他若犯了罪,他就有了罪责
Rabash 第20篇文章,1986年
《光辉之书》Vayikra[利未记]篇(第251条)中写道:"我们学到,经上写着'若他犯了罪,他就有了罪责'。"为什么先说"若他犯了罪",最后才说“他就有了罪责”?他回答说,我们学到,"若他犯了罪"指的是创造物所犯下的那些过犯,如经文所写"人所犯的一切罪"。而“他就有了罪责”,正如你所说"罪责归回给耶和华",其中“他就有了罪责”的意思是"将被改正"。也就是说,"若他犯了罪"的意思是:如果他改正自己的作为,归还他所抢夺的。拉比约西(Yosi)说:"这意味着经文中'归还'一词,指他自己主动归还,因为经上写的不是命令式的'当归还',而恰恰是'归还',意思是出于他自己。"
我们需要理解,为什么说"若他犯了罪"。哪些过犯被称为"罪",如经文所写"人所犯的一切罪"?我们需要理解这一点——难道有不算作罪的过犯吗?他为此引证经文,如经文所写"人所犯的一切罪"。之后他又解释这节经文是"关于盗窃"的,而盗窃恰恰适用于人与人之间。
但人与创造者之间的Mitzvot[诫命]又如何呢?我们将在精神工作的层面上解释这一点。众所周知,一切罪都源于接受的愿望,它是由"善待创造者的创造物"这一创造的思想铭刻在创造物之中的。之后出现了对"为了接受而接受"的禁令,也就是为避免"羞耻的面包"而做出的Tzimtzum(限制)的改正。由于这个改正,Klipot[外壳]的世界通过次第展开而出现。

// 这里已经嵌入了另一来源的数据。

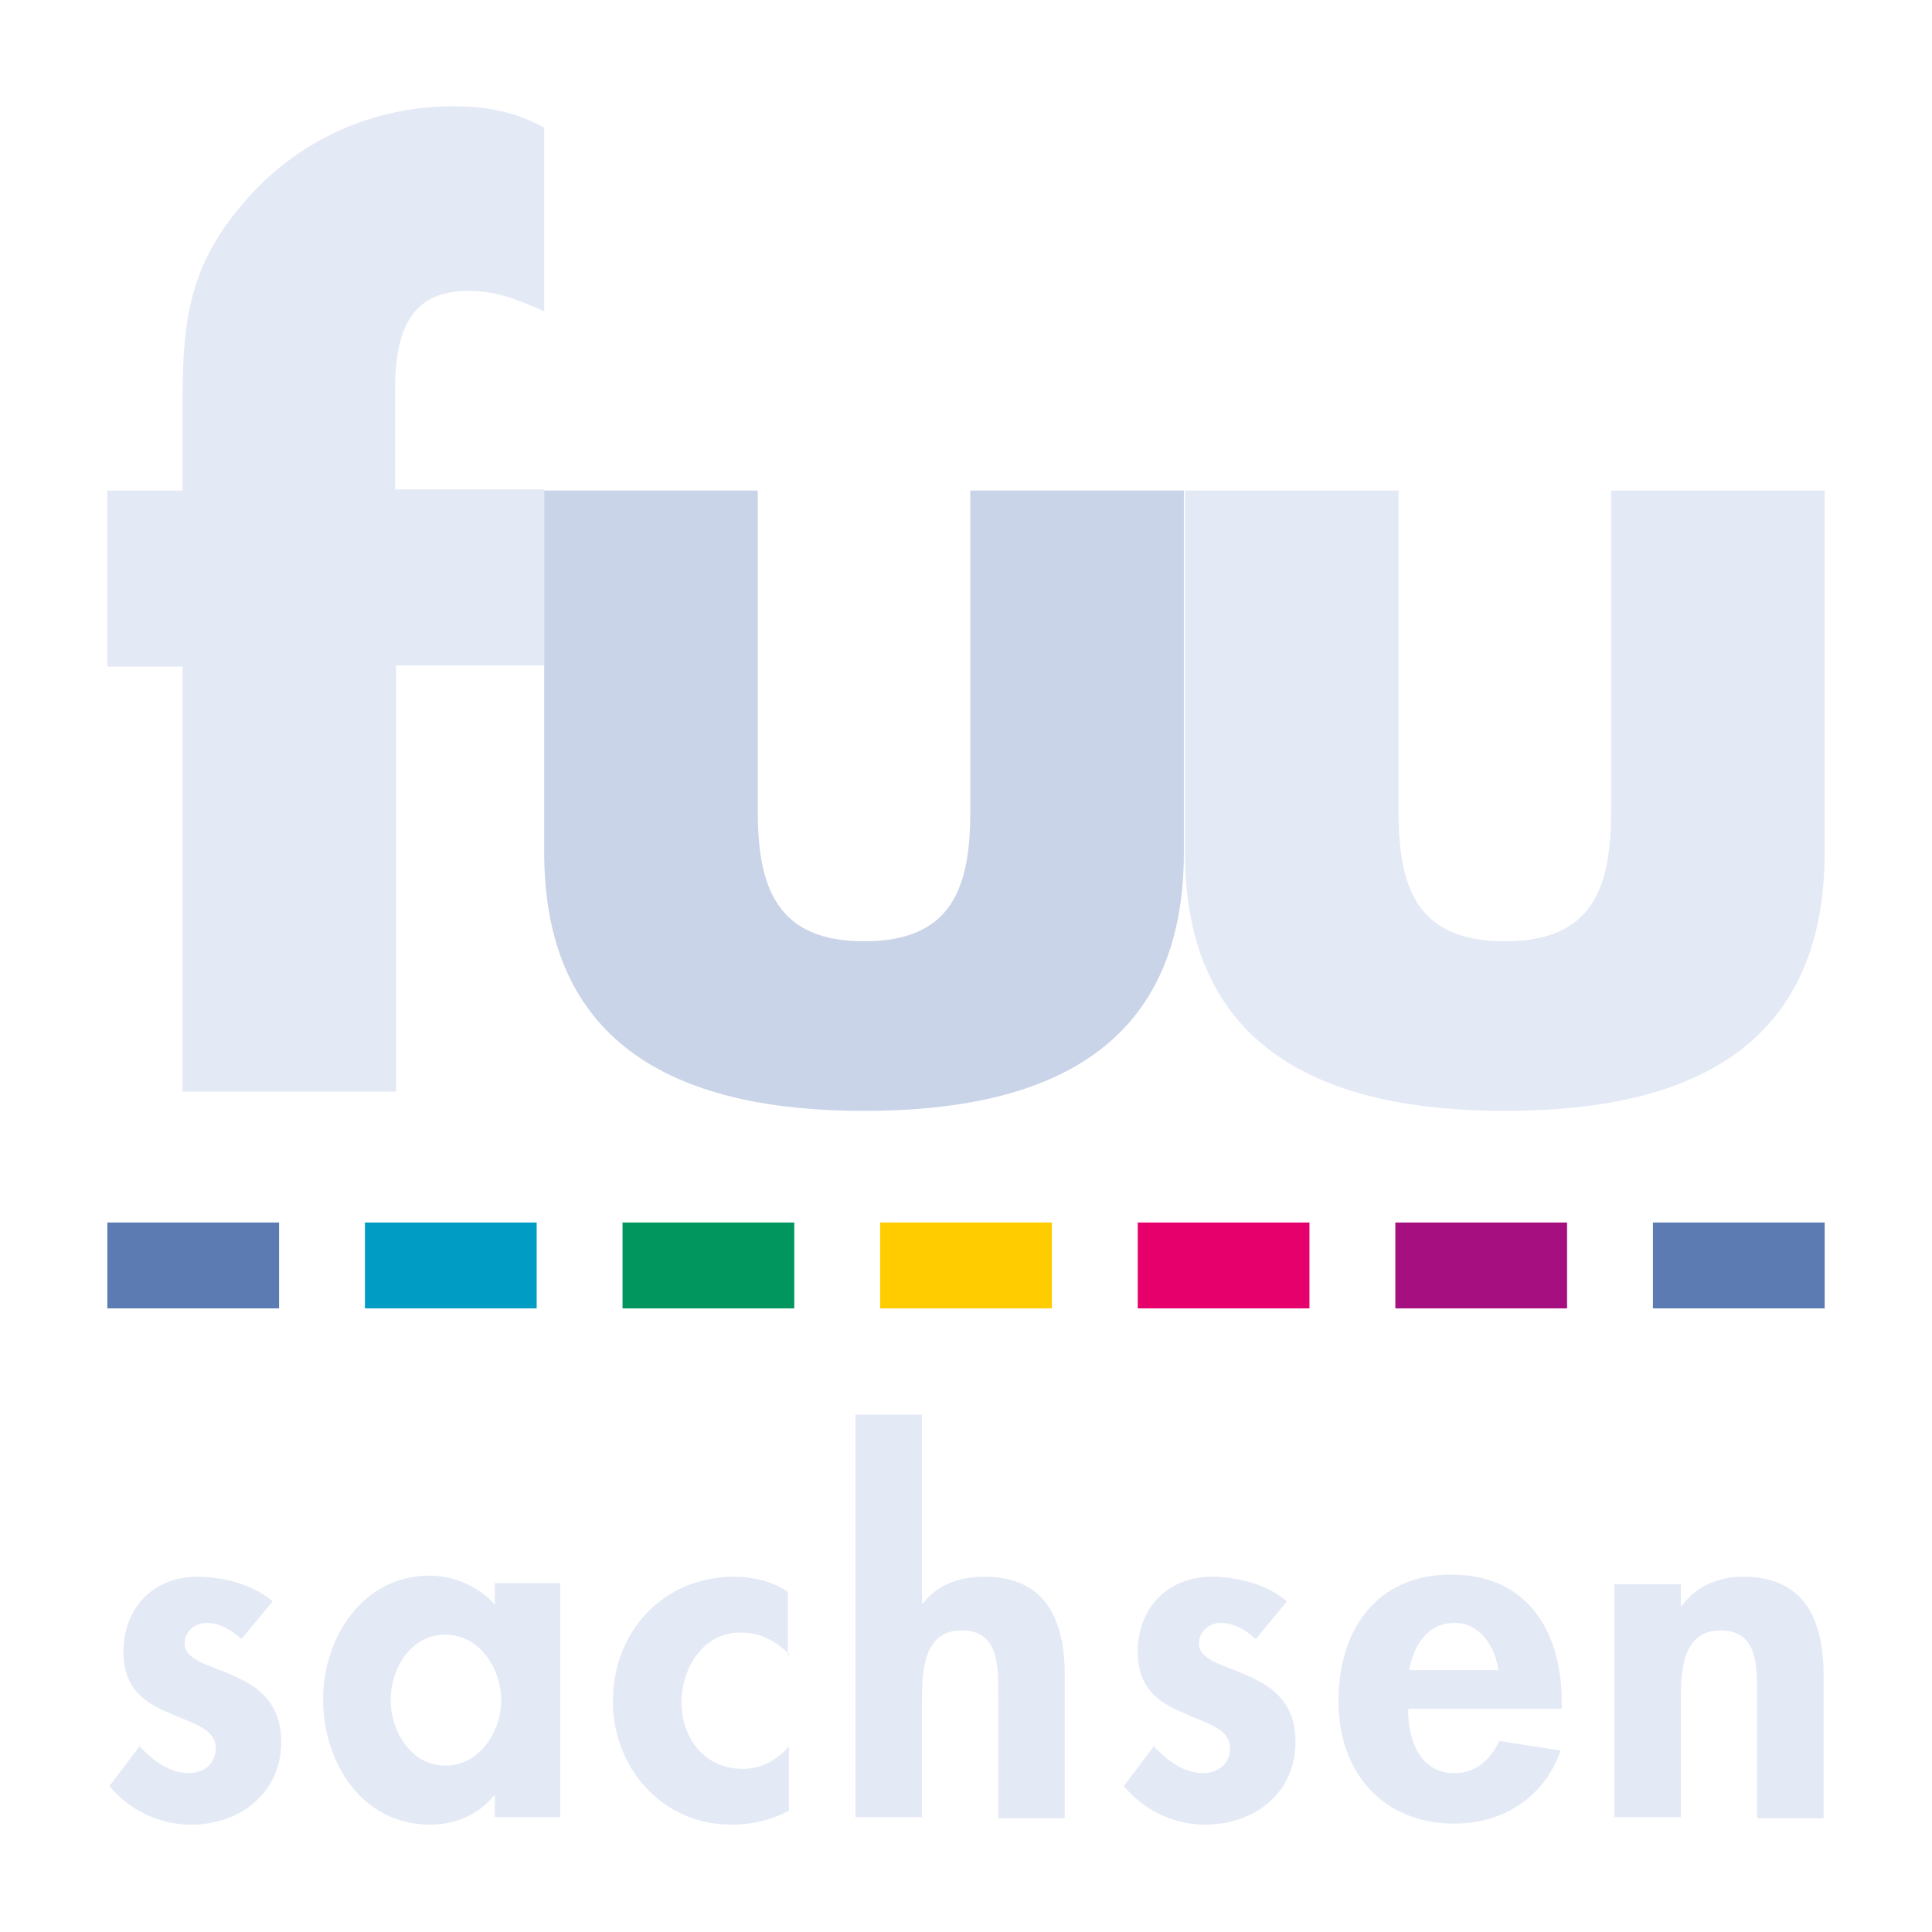 <?xml version="1.0" encoding="UTF-8"?> <svg xmlns="http://www.w3.org/2000/svg" xmlns:xlink="http://www.w3.org/1999/xlink" version="1.1" id="Ebene_1" x="0px" y="0px" viewBox="0 0 180 180" style="enable-background:new 0 0 180 180;" xml:space="preserve"> <style type="text/css"> .st0{fill:#E4E9F6;} .st1{fill:#00965E;} .st2{fill:#E5006C;} .st3{fill:#FFCC00;} .st4{fill:#A60F80;} .st5{fill:#009CC4;} .st6{fill:#5C7BB3;} .st7{fill:#CAD4E8;} </style> <g id="Logo"> <g id="Sachsen"> <path class="st0" d="M22.5,152.7c-0.9-0.8-2-1.5-3.3-1.5c-1,0-2,0.8-2,1.9c0,1.6,2.3,2,4.5,3c2.3,1,4.5,2.5,4.5,6.2 c0,4.8-3.9,7.7-8.4,7.7c-2.9,0-5.7-1.3-7.6-3.6l2.8-3.7c1.2,1.3,2.8,2.5,4.6,2.5c1.4,0,2.5-0.9,2.5-2.3c0-1.9-2.2-2.3-4.3-3.3 c-2.2-0.9-4.3-2.2-4.3-5.7c0-4.1,2.8-7,6.9-7c2.3,0,5.2,0.7,7,2.3L22.5,152.7z"></path> <path class="st0" d="M52.2,169.3h-6.1v-2H46c-1.3,1.7-3.6,2.7-5.9,2.7c-6.4,0-10-5.8-10-11.7c0-5.7,3.7-11.5,9.9-11.5 c2.3,0,4.6,1,6.1,2.7v-2h6.1V169.3z M46.7,158.4c0-2.9-2-6.1-5.2-6.1c-3.2,0-5.1,3.1-5.1,6.1c0,2.9,1.9,6.1,5.1,6.1 C44.7,164.5,46.7,161.3,46.7,158.4z"></path> <path class="st0" d="M73.6,154.2c-1.3-1.3-2.7-2.1-4.6-2.1c-3.5,0-5.5,3.3-5.5,6.5c0,3.4,2.2,6.2,5.7,6.2c1.7,0,3.2-0.8,4.3-2.1v6 c-1.7,0.9-3.5,1.3-5.4,1.3c-6.4,0-11-5.3-11-11.5c0-6.5,4.7-11.6,11.3-11.6c1.7,0,3.5,0.4,5,1.4V154.2z"></path> <path class="st0" d="M85.9,131.8v17.6H86c1.3-1.8,3.5-2.5,5.7-2.5c5.8,0,7.5,4.1,7.5,9.2v13.3H93v-11.5c0-2.6,0.1-6-3.4-6 c-3.7,0-3.7,4.1-3.7,6.7v10.7h-6.2v-37.5H85.9z"></path> <path class="st0" d="M117,152.7c-0.9-0.8-2-1.5-3.3-1.5c-1,0-2,0.8-2,1.9c0,1.6,2.3,2,4.5,3c2.3,1,4.5,2.5,4.5,6.2 c0,4.8-3.9,7.7-8.4,7.7c-2.9,0-5.7-1.3-7.6-3.6l2.8-3.7c1.2,1.3,2.8,2.5,4.6,2.5c1.4,0,2.5-0.9,2.5-2.3c0-1.9-2.2-2.3-4.3-3.3 c-2.2-0.9-4.3-2.2-4.3-5.7c0-4.1,2.8-7,6.9-7c2.3,0,5.2,0.7,7,2.3L117,152.7z"></path> <path class="st0" d="M131.2,159.4c0,2.7,1.1,5.8,4.3,5.8c2,0,3.3-1.2,4.2-3l5.7,0.9c-1.5,4.3-5.3,6.8-9.9,6.8 c-6.7,0-10.8-4.8-10.8-11.4s3.5-11.8,10.5-11.8c7.1,0,10.3,5.3,10.3,11.8v0.7H131.2z M139.6,155.6c-0.3-2.2-1.7-4.4-4.1-4.4 c-2.5,0-3.8,2.1-4.2,4.4H139.6z"></path> <path class="st0" d="M156.7,149.6L156.7,149.6c1.4-1.9,3.5-2.7,5.7-2.7c5.8,0,7.5,4.1,7.5,9.2v13.3h-6.2v-11.5c0-2.6,0.1-6-3.4-6 c-3.7,0-3.7,4.1-3.7,6.7v10.7h-6.2v-21.7h6.2V149.6z"></path> </g> <g id="Farbbalken"> <rect x="58" y="113.9" class="st1" width="16" height="8"></rect> <rect x="106" y="113.9" class="st2" width="16" height="8"></rect> <rect x="82" y="113.9" class="st3" width="16" height="8"></rect> <rect x="130" y="113.9" class="st4" width="16" height="8"></rect> <rect x="34" y="113.9" class="st5" width="16" height="8"></rect> <rect x="10" y="113.9" class="st6" width="16" height="8"></rect> <rect x="154" y="113.9" class="st6" width="16" height="8"></rect> </g> <g id="fuu"> <path class="st0" d="M36.9,101.7H17V62.1h-7V45.7h7v-7.1c0-7.8,0.2-13.4,5.7-19.7c4.9-5.8,12-9,19.5-9c3.1,0,5.8,0.5,8.5,2v17.1 c-2.3-1-4.4-1.9-7-1.9c-5.1,0-6.9,3.1-6.9,9.4v9.1h13.9v16.4H36.9V101.7z"></path> <path class="st7" d="M70.6,45.7v29.9c0,7.1,1.8,12.1,9.9,12.1c8.2,0,9.9-5,9.9-12.1V45.7h19.9v33.7c0,18.5-13,24.1-29.8,24.1 c-16.8,0-29.8-5.7-29.8-24.1V45.7H70.6z"></path> <path class="st0" d="M130.3,45.7v29.9c0,7.1,1.7,12.1,9.9,12.1c8.2,0,9.9-5,9.9-12.1V45.7H170v33.7c0,18.5-13,24.1-29.8,24.1 c-16.8,0-29.8-5.7-29.8-24.1V45.7H130.3z"></path> </g> </g> </svg>

之后,通过亚当(Adam HaRishon)在知识之树上的罪,出现了两个系统,如"上帝造这个与那个相对"——于是有了Kedusha[神圣]的ABYA,与之相对的是Tuma'a[不纯]的ABYA。
一切罪都由此而来——只想为了接受而接受。也就是说,人生来的本性就是爱自己,即他只关心自己的益处。只有通过Torah[托拉]和Mitzvot[诫命]的Segula[疗法/力量/美德],他才能被改正为为了给予而工作。在他获得这个称为"为了给予"的改正之前,他想把一切都吞入自己的领域,也就是把一切从创造者的领域中取出,放进人的领域。
由此在我们的世界里延伸出三种甄别:一、禁止之事与许可之事。二、在许可之事中,我们又做出两种甄别:义务的或可选的。三、意图,也就是说,即使对于禁止之事,我们也应当带着意图不去做它们,使之成为为了给予的目的。对于许可之事,无论是义务的还是可选的,意图都应当是为了给予而不是为了自我利益。他持守Torah[托拉]和Mitzvot[诫命],是因为创造者的诫命,因为他相信创造者,相信创造者会因他持守创造者所吩咐我们的一切而喜悦。这应当是他在所做的一切之中唯一的意图——在正面的Mitzvot[诫命](当行之事的诫命)中,在负面的Mitzvot[诫命](不当行之事的诫命)中,以及在可选之事中。他在从事这些事的同时,努力把一切都指向创造者。
由此可见,如果一个人把快乐接受进自己的权威之中,他的罪就在于他从创造者的领域中取出、放进自己的领域,因为一切都应当进入创造者的领域,而人只是创造者的仆人,没有属于自己的权威。相反,一切都应当属于他主人的领域,仆人没有属于自己的权威。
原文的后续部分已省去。